Miguel Baquero
Pocas épocas ha habido más agitadas, turbulentas y apasionantes, al fin, para los historiadores que los años intermedios del siglo I a.C. en la vieja Roma en la que, por aquel entonces, estaba dando sus últimos coletazos la republica. Es la época de la conjuración de Catilina, del encumbramiento de Cicerón; los años en que Julio César ha marchado a la Galia a dar inicio a su eterna fama y a planear la conquista del poder; los días en que en una tumultuosa Roma se pelean con las tácticas más sucias, y a menudo en combates callejeros de porras y espadas, los “plebeyos” contra los “patricios”, armados aquellos por Clodio y estos por Milón.

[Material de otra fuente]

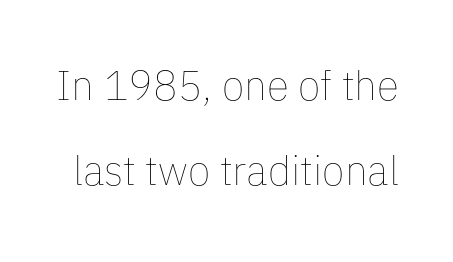
Q: Is the text bold? A: No.
Q: Is the text italic (slanted)? A: No, it is upright.
Q: Is the text underlined? A: No.
Q: Is the spacing between letters normal or unusually wide? A: Normal.
Q: Is the spacing between lines tight, normal or loose? A: Loose.
Q: Width (condensed, normal, or wide)? A: Normal.
Q: Stroke contrast? A: Low.
Q: x-height? A: Medium.
Q: Monospaced? A: No.
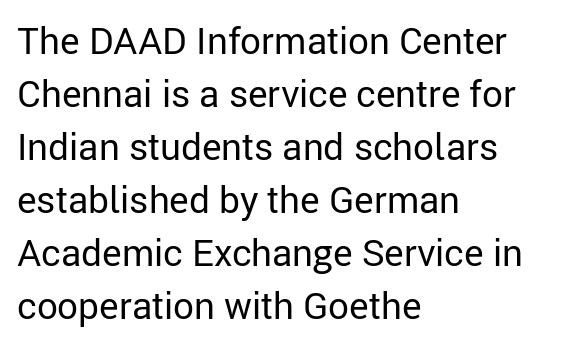
Q: Is the text bold? A: No.
Q: Is the text italic (slanted)? A: No, it is upright.
Q: Is the typeface a serif or a sans-serif typeface? A: Sans-serif.
Q: Is the text underlined? A: No.
Q: How is the paragraph aligned? A: Left-aligned.
Q: Is the spacing between letters normal or unusually wide? A: Normal.
Q: Is the spacing between lines tight, normal or loose? A: Normal.
Q: Width (condensed, normal, or wide)? A: Normal.
Q: Stroke contrast? A: Low.
Q: x-height? A: Medium.
Q: Monospaced? A: No.
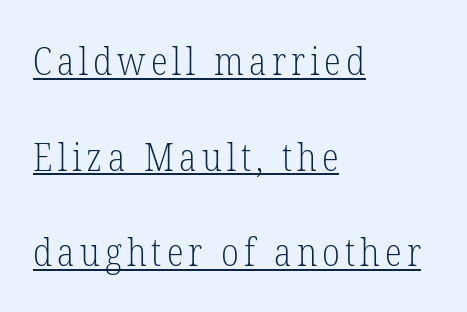
{"serif": "yes", "italic": "no", "bold": "no", "weight": "light", "width": "condensed", "stroke_contrast": "low", "x_height": "medium", "monospaced": "no", "underline": "yes", "align": "left", "line_spacing": "loose", "line_spacing_ratio": 2.45, "glyph_px": 39}
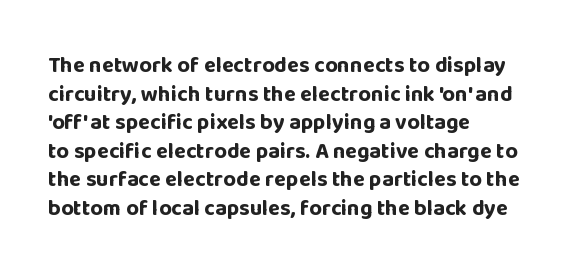
Teacher's note: observe the even left margin — that is flush-left alignment. You can tell it's not italic because the verticals are truly vertical. Words float on clear page, feet unadorned. The letterforms sit shoulder to shoulder at normal distance.

Los días también en que por esas calles alborotadas pasea el joven poeta Catulo, muerto de amor por Clodia, la hermana del tribuno Clodio arriba citada, el jefe de los “plebeyos”.

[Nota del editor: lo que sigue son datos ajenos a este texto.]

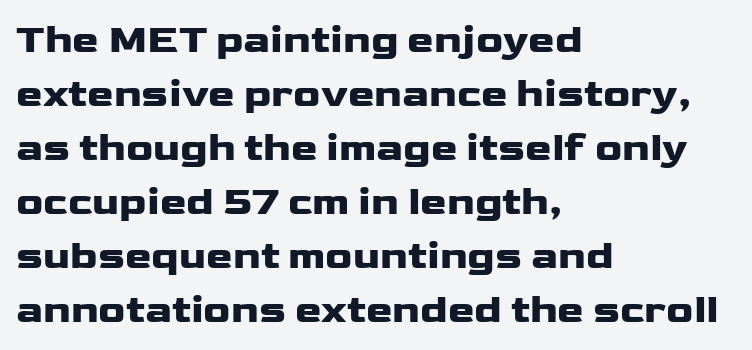
Q: Is the text bold? A: Yes.
Q: Is the text italic (slanted)? A: No, it is upright.
Q: Is the typeface a serif or a sans-serif typeface? A: Sans-serif.
Q: Is the text underlined? A: No.
Q: How is the paragraph aligned? A: Left-aligned.
Q: Is the spacing between letters normal or unusually wide? A: Normal.
Q: Is the spacing between lines tight, normal or loose? A: Normal.
Q: Width (condensed, normal, or wide)? A: Wide.
Q: Stroke contrast? A: Low.
Q: x-height? A: Medium.
Q: Monospaced? A: No.
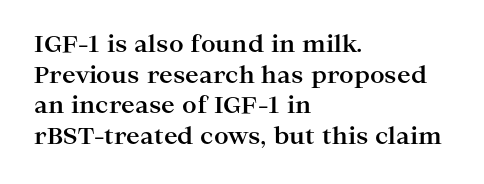
The image shows 23 px bold type, upright; set left-aligned, normal line spacing (1.33x), normal letter spacing, not underlined.
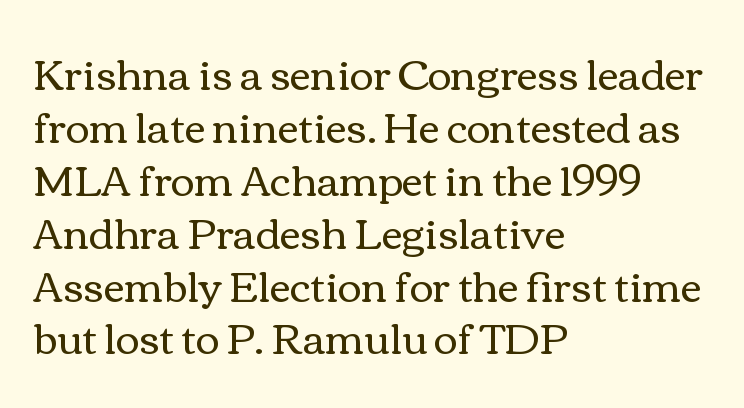
The image shows 41 px regular-weight, wide type, upright; set left-aligned, normal line spacing (1.29x), normal letter spacing, not underlined; medium stroke contrast and a medium x-height.

En este marco histórico, ya de por si apasionante, es en el que la escritora Isabel Barceló sitúa esta su segunda novela histórica, La muchacha de Catulo, partiendo del supuesto más aceptado (aunque alguna vez se ha discutido, pero a fines novelísticos es perfectamente válido) de que aquella “Lesbia” protagonista de los versos del famoso poeta fuera, como se ha dicho, Clodia, mujer famosa entonces en la sociedad romana. Interpretando los poemas de Catulo que nos han llegado algo dispersos, nos narra entonces Barceló una historia, que, en su inicio, es de amor apasionado del escritor por la joven. Rechazado de pronto por ésta sin más razones que por mero aburrimiento, el sentimiento del poeta hacia Clodia se transforma al momento en un odio brutal, inmenso, que lo acaba consumiendo, aunque, para beneficio de la poesía, lo mejor y lo que ha hecho eternos los versos de Catulo sean estos del final de su vida en que desprecia, insulta, veja repetidas veces a una mujer (sea “Lesbia”, en efecto, Clodia, o sea otra) a la que, sin embargo, no puede dejar de amar. Tanto así que acaba consumiéndose por ella… o eso cuenta Barceló, porque también hay dudas sobre la fecha exacta y el modo en concreto en que murió Catulo. Pero de nuevo, y en lo que cuenta al interés novelístico, la cronología y la lógica que ha establecido la autora es perfectamente válida.
Al hilo de esta historia, breve en su tratamiento (apenas cien páginas) e inmensa en su escenario —Barceló construye una Roma de la época sencillamente prodigiosa, creíble de todo punto tanto por las actitudes, como por los personajes, como por los diálogos; una Roma que, lejos de las tramoyas ampulosas a que nos ha acostumbrado el cine, se nos presenta tal cual seguramente fuera por entonces: un pueblo grande, sí, pero pueblo donde todos se conocían, murmuraban y se movían por cotorreos de vecindad—; al hilo, decía, de esta historia, la autora nos pinta a Clodia, la muchacha amada por Catulo, como una mujer que hace gala de su libertad —lo que en aquellos días era casi revolucionario— para elegir o dejar al hombre que le apetezca, para disponer de su vida sin sujetarse a los convencionalismos, para amar o dejar de amar sin necesidad de explicaciones. Lo cual lo defiende Clodia de una forma “intelectualizada”, meditada, consciente de que con ello está rompiendo una barrera, “asumida” una actitud heroica…
Lo cual seguramente no fuese verdad. Quiero decir, las crónicas difusas (y distorsionadas, lo más probable, por intereses familiares: recordemos que Roma sería entonces no más que un gigantesco patio de vecinos) que nos han llegado de la época nos pintan a Clodia como una libertina que dicen que envenenó a su marido, que se rumorea que se acostó con no sé cuántos, que era borracha, desvergonzada… Exagerado todo, es de creer, pero lo cierto es que Clodia, obrara como obrase, en ningún momento lo haría de forma meditada, consciente de estar defendiendo una postura, de estar sosteniendo unas ideas, sino sencillamente siguiendo su natural.
Esa sería la verdad, estoy por decir que indudable, pero para una novela (para una buena novela como ésta) carece de importancia la verdad: Andrómaca seguramente sería una insensata, Fedra una caprichosa, Helena una tontorrona, Medea una simple psicópata descerebrada… Son los grandes escritores que han tratado sobre ellas los que, tergiversándolas, exagerándolas, las han hecho paradigmáticas. Y eso es lo que importa a la literatura. Y Barceló, realmente, ha escrito una muy meritoria novela (por lo concisa, por lo ágil, por lo documentada) y se ha ganado el derecho de hacer a su Clodia representante de las mujeres que huyen de los yugos amorosos.